Answer
$7(2k-1)(k-1)$
Work Step by Step
$\bf{\text{Solution Outline:}}$
To factor the given expression, $
14k^2-21k+7
,$ factor first the $GCF.$ Then find two numbers whose product is $ac$ and whose sum is $b$ in the quadratic expression $ax^2+bx+c.$ Use these $2$ numbers to decompose the middle term of the given quadratic expression and then use factoring by grouping.

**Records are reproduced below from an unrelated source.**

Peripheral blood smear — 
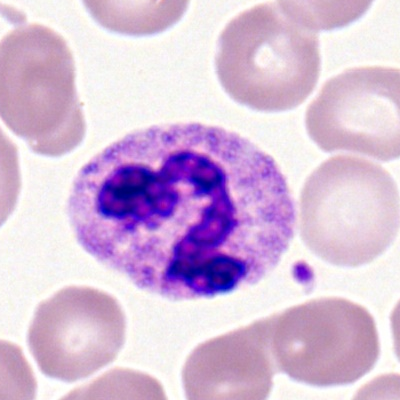

{"cell_type": "segmented neutrophil", "lineage": "myeloid"}
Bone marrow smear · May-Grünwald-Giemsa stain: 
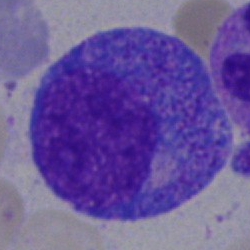A progranulocyte.
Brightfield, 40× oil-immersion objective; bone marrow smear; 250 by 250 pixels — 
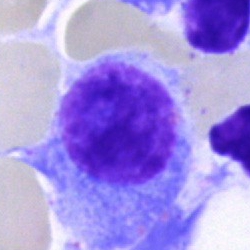 The morphological class is plasmacyte.
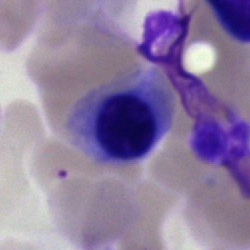

Morphology consistent with a nucleated red cell.
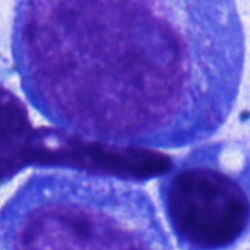

{"cell_type": "blast"}
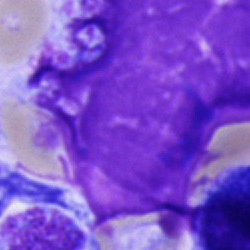 Single cell identified as an artefact.
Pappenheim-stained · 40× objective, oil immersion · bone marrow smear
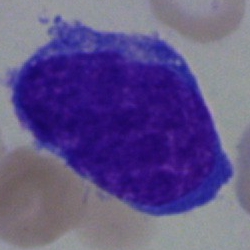Single cell identified as a blast.
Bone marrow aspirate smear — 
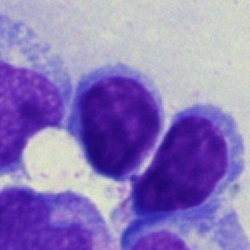
Impression — lymphocyte.
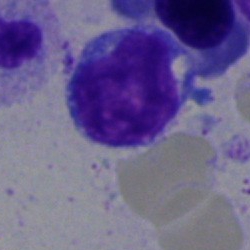Single cell identified as a typical lymphocyte.
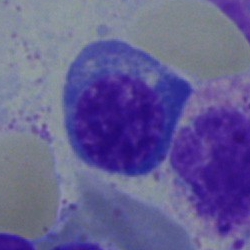

Nucleated red blood cell.

$\bf{\text{Solution Details:}}$
Factoring the $GCF=
7
,$ the given expression is equivalent to
\begin{array}{l}\require{cancel}
7(2k^2-3k+1)
.\end{array}
Using factoring of trinomials, the value of $ac$ in the trinomial expression above is $
2(1)=2
$ and the value of $b$ is $
-3
.$ The $2$ numbers that have a product of $ac$ and a sum of $b$ are $\left\{
-1,-2
\right\}.$ Using these $2$ numbers to decompose the middle term of the trinomial expression above results to
\begin{array}{l}\require{cancel}
7(2k^2-1k-2k+1)
.\end{array}
Grouping the first and second terms and the third and fourth terms, the given expression is equivalent to
\begin{array}{l}\require{cancel}
7[(2k^2-1k)-(2k-1)]
.\end{array}
Factoring the $GCF$ in each group results to
\begin{array}{l}\require{cancel}
7[k(2k-1)-(2k-1)]
.\end{array}
Factoring the $GCF=
(2k-1)
$ of the entire expression above results to
\begin{array}{l}\require{cancel}
7[(2k-1)(k-1)]
\\\\=
7(2k-1)(k-1)
.\end{array}